Read and write is performed using the row key on sets of columns. These columns are stored as a continuous entry on the disk enhancing performance.
Columns store databases use a concept called a keyspace. A keyspace is kind of like a schema in the relational model. The keyspace contains all the column families (kind of like tables in the relational model), which contain rows, which contain columns.
Key benefits of column store databases include faster performance in load, search, and aggregate functions. They are scalable and can read billions of records in seconds. They are also efficient in data compression and partitioning.
Moreover, each column does not span beyond its row. Wide columnar databases are mainly used in highly analytical and query-intensive environments. This includes areas where large volumes of data items require aggregate computing. For example, wide columnar databases are suitable for data mining, business intelligence (BI), data warehouses, and decision support.
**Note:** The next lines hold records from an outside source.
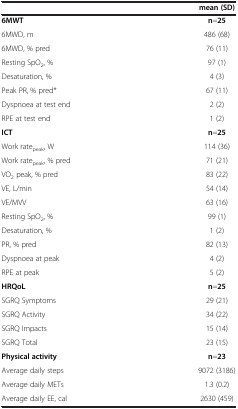
<table><thead><tr><td><b> </b></td><td><b>mean (SD)</b></td></tr></thead><tbody><tr><td><b>6MWT</b></td><td><b>n</b>=<b>25</b></td></tr><tr><td>6MWD, m</td><td>486 (68)</td></tr><tr><td>6MWD, % pred</td><td>76 (11)</td></tr><tr><td>Resting SpO<sub>2</sub>, %</td><td>97 (1)</td></tr><tr><td>Desaturation, %</td><td>4 (3)</td></tr><tr><td>Peak PR, % pred*</td><td>67 (11)</td></tr><tr><td>Dyspnoea at test end</td><td>2 (2)</td></tr><tr><td>RPE at test end</td><td>1 (2)</td></tr><tr><td><b>ICT</b></td><td><b>n</b>=<b>25</b></td></tr><tr><td>Work rate<sub>peak</sub>, W</td><td>114 (36)</td></tr><tr><td>Work rate<sub>peak</sub>, % pred</td><td>71 (21)</td></tr><tr><td>VO<sub>2</sub> peak, % pred</td><td>83 (22)</td></tr><tr><td>VE, L/min</td><td>54 (14)</td></tr><tr><td>VE/MVV</td><td>63 (16)</td></tr><tr><td>Resting SpO<sub>2</sub>, %</td><td>99 (1)</td></tr><tr><td>Desaturation, %</td><td>1 (2)</td></tr><tr><td>PR, % pred</td><td>82 (13)</td></tr><tr><td>Dyspnoea at peak</td><td>4 (2)</td></tr><tr><td>RPE at peak</td><td>5 (2)</td></tr><tr><td><b>HRQoL</b></td><td><b>n</b>=<b>25</b></td></tr><tr><td>SGRQ Symptoms</td><td>29 (21)</td></tr><tr><td>SGRQ Activity</td><td>34 (22)</td></tr><tr><td>SGRQ Impacts</td><td>15 (14)</td></tr><tr><td>SGRQ Total</td><td>23 (15)</td></tr><tr><td><b>Physical activity</b></td><td><b>n</b>=<b>23</b></td></tr><tr><td>Average daily steps</td><td>9072 (3186)</td></tr><tr><td>Average daily METs</td><td>1.3 (0.2)</td></tr><tr><td>Average daily EE, cal</td><td>2630 (459)</td></tr></tbody></table>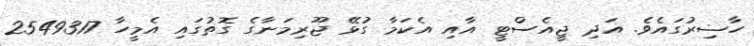
ހާޟިރުގައެވެ. އަދި ޖީއެސްޓީ އާއި އެކަމާ ގުޅޭ ޖޫރިމަނާގެ ގޮތުގައި އެމީހާ 2549317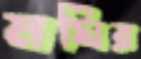
মঘির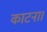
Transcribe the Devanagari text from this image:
काटना।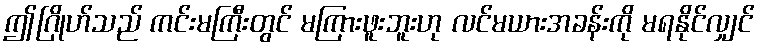
ဤဂြိုဟ်သည် ကင်းမကြီးတွင် မကြားဖူးဘူးဟု လင်မယားအခန်းကို မရနိုင်လျှင်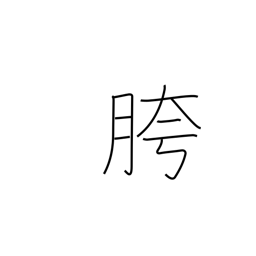
Meaning: crotch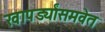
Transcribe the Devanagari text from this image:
खापर्ड्यांसमवेत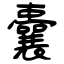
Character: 囊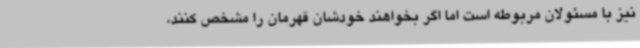
نیز با مسئولان مربوطه است اما اگر بخواهند خودشان قهرمان را مشخص کنند،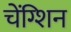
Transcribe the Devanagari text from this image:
चेंग्शिन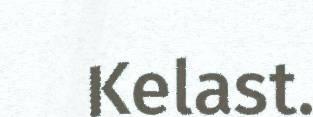
Kelast.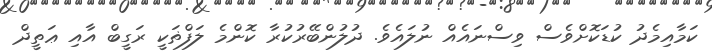
ކަމާއިމެދު ކުޑަކޮށްވެސް ވިސްނައެއް ނުލައެވެ. ދުލުންބޭރުކުރާ ކޮންމެ ލަފްޡަކީ ރަގީބް އާއި ޢަތީދް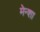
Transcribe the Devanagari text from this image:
मेन्शा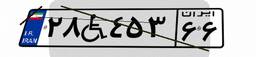
۲۸W۴۵۳۶۶
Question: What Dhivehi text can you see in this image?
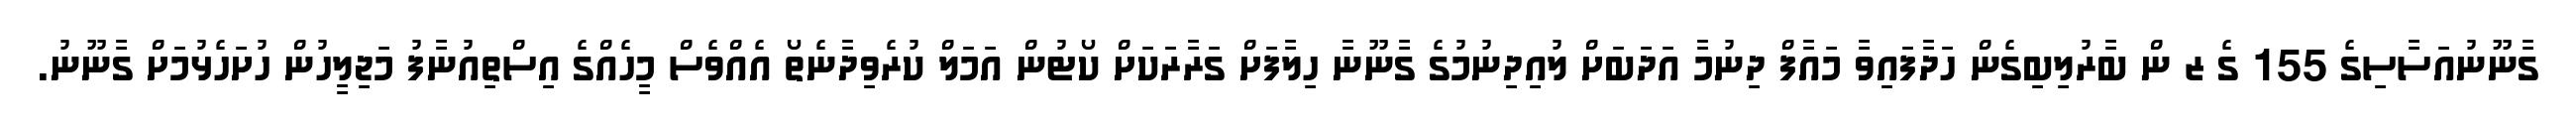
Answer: ގާނޫނުއަސާސިގެ 155 ގެ ޒ ން ބާރުލިބިގެން ހަދާފައިވާ މައާފް ދިނުމާ އަދަބަށް ލުއިދިނުމުގެ ގާނޫނާ ހިލާފަށް ގަރާރަކަށް ކޯޓުން އަމަލް ކުރެވިދާނެތޯ އެއްވެސް މީހެއްގެ އިސްތިއުނާފު މަޖިލީހުން ހުށަހެޅުމަށް ގާނޫނު.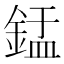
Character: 𬫢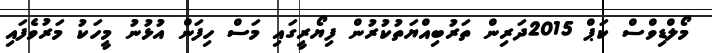
މޯލްޑިވްސް ކަޕް 2015ދަރިން ތަރުބިއްޔަތުކުރުން ފިޔޯރީގައި މަސް ހިފަން އުޅުނު މީހަކު މަރުވެފައި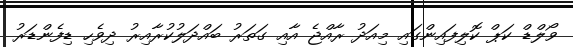
ވޯލްޑް ކަޕް ކޮލިފައިންގައި މިއަދު ރާއްޖެ އާއި ގަތަރު ބައްދަލުކުރާއިރު ދިވެހި ޑިފެންޑަރު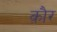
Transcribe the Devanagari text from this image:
क़ौर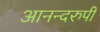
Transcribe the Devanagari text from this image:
आनन्दरुपी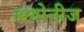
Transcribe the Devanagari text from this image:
अयोनीज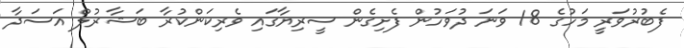
ފެބުރުވަރީ މަހުގެ 18 ވަނަ ދުވަހުން ފެށިގެން ސީރިޔާގައި ވެރިކަންކުރާ ބަޝާރުލް އަސަދާ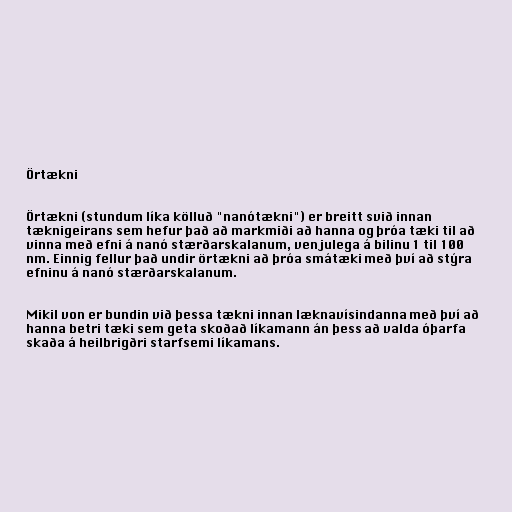
Örtækni

Örtækni (stundum líka kölluð "nanótækni") er breitt svið innan
tæknigeirans sem hefur það að markmiði að hanna og þróa tæki til að
vinna með efni á nanó stærðarskalanum, venjulega á bilinu 1 til 100
nm. Einnig fellur það undir örtækni að þróa smátæki með því að stýra
efninu á nanó stærðarskalanum.

Mikil von er bundin við þessa tækni innan læknavísindanna með því að
hanna betri tæki sem geta skoðað líkamann án þess að valda óþarfa
skaða á heilbrigðri starfsemi líkamans.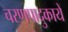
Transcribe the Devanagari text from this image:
चरणपादुकायें

Apache HBase™ is an open-source, distributed, scalable NoSQL big data store that allows billions of rows of big data access in seconds.
HBase is a column-oriented NoSQL database. Although it looks similar to a relational database which contains rows and columns, it is not a relational database. Relational databases are row-oriented while HBase is column-oriented. It means that entries in a column are stored in contiguous locations on disks.
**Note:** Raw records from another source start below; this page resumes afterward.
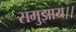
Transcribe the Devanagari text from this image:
समुझाय।।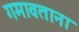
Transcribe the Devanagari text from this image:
गमावताना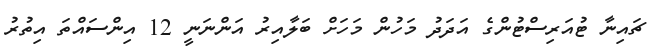
ޗައިނާ ޓުއަރިސްޓުންގެ އަދަދު މަހުން މަހަށް ބަލާއިރު އަންނަނީ 12 އިންސައްތަ އިތުރު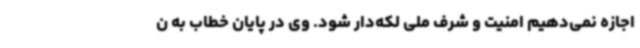
اجازه نمی‌دهیم امنیت و شرف ملی لکه‌دار شود. وی در پایان خطاب به ن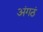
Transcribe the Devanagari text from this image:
अंगठं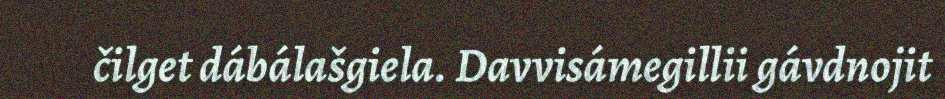
čilget dábálašgiela. Davvisámegillii gávdnojit

When we need to process and analyze a large set of semi-structured or unstructured data like in Online Analytical Processing such as data mining, data warehousing etc., we use column-oriented approach. Whereas Online Transactional Processing such as banking and finance domains which handle structured data and require transactional properties (ACID properties) use row-oriented approach.
Command | Description |
---|---|
create <'tablename'>, <'columnfamilyname'> | create a table in HBase with the specified name given according to the dictionary or specifications as per column family |
list | display all the tables that are present or created in HBase |
describe <'tablename'> | give more information about column families present in the mentioned table |
disable <'tablename'> | start disabling the named table |
enable <'tablename'> | start enabling the named table |
drop <'tablename'> | drop the table present in HBase |
alter <'tablename'>, NAME=> <'columnfamilyname'>, VERSIONS=> <'versions'> | alter the column family schema |
put <'tablename'>, <'rowname'>, <'columnname'>, <'value'> | put a cell 'value' at defined or specified table or row or column |
get <'tablename'>, <'rowname'> | get a row or cell contents present in the table |
delete <'tablename'>, <'rowname'>, <'columnname'> | delete cell value at defined table of row or column |
truncate <'tablename'> | truncate the table; the schema will be present but not the records |
scan <'tablename'> | scan the entire table and display the table contents |
We can pass several optional specifications to the scan command to get more information about the tables present in the system. Scan specifications may include many attributes:
scan 'mytable', {STARTROW => 'abc', ENDROW => 'abd'}
The query optimizer (called simply the optimizer) is built-in database software that determines the most efficient method for a SQL statement to access requested data.
It chooses the plan with the lowest cost among all considered candidate plans. The optimizer uses available statistics to calculate the cost. For a specific query in a given environment, the cost computation accounts for factors of query execution such as I/O, CPU, and communication.
For example, a query might request information about employees who are managers. If the optimizer statistics indicate that 80% of employees are managers, then the optimizer may decide that a full table scan is most efficient. However, if statistics indicate that very few employees are managers, then reading an index followed by a table access by rowid may be more efficient than a full table scan.
Because the database has many internal statistics and tools at its disposal, the optimizer is usually in a better position than the user to determine the optimal method of statement execution.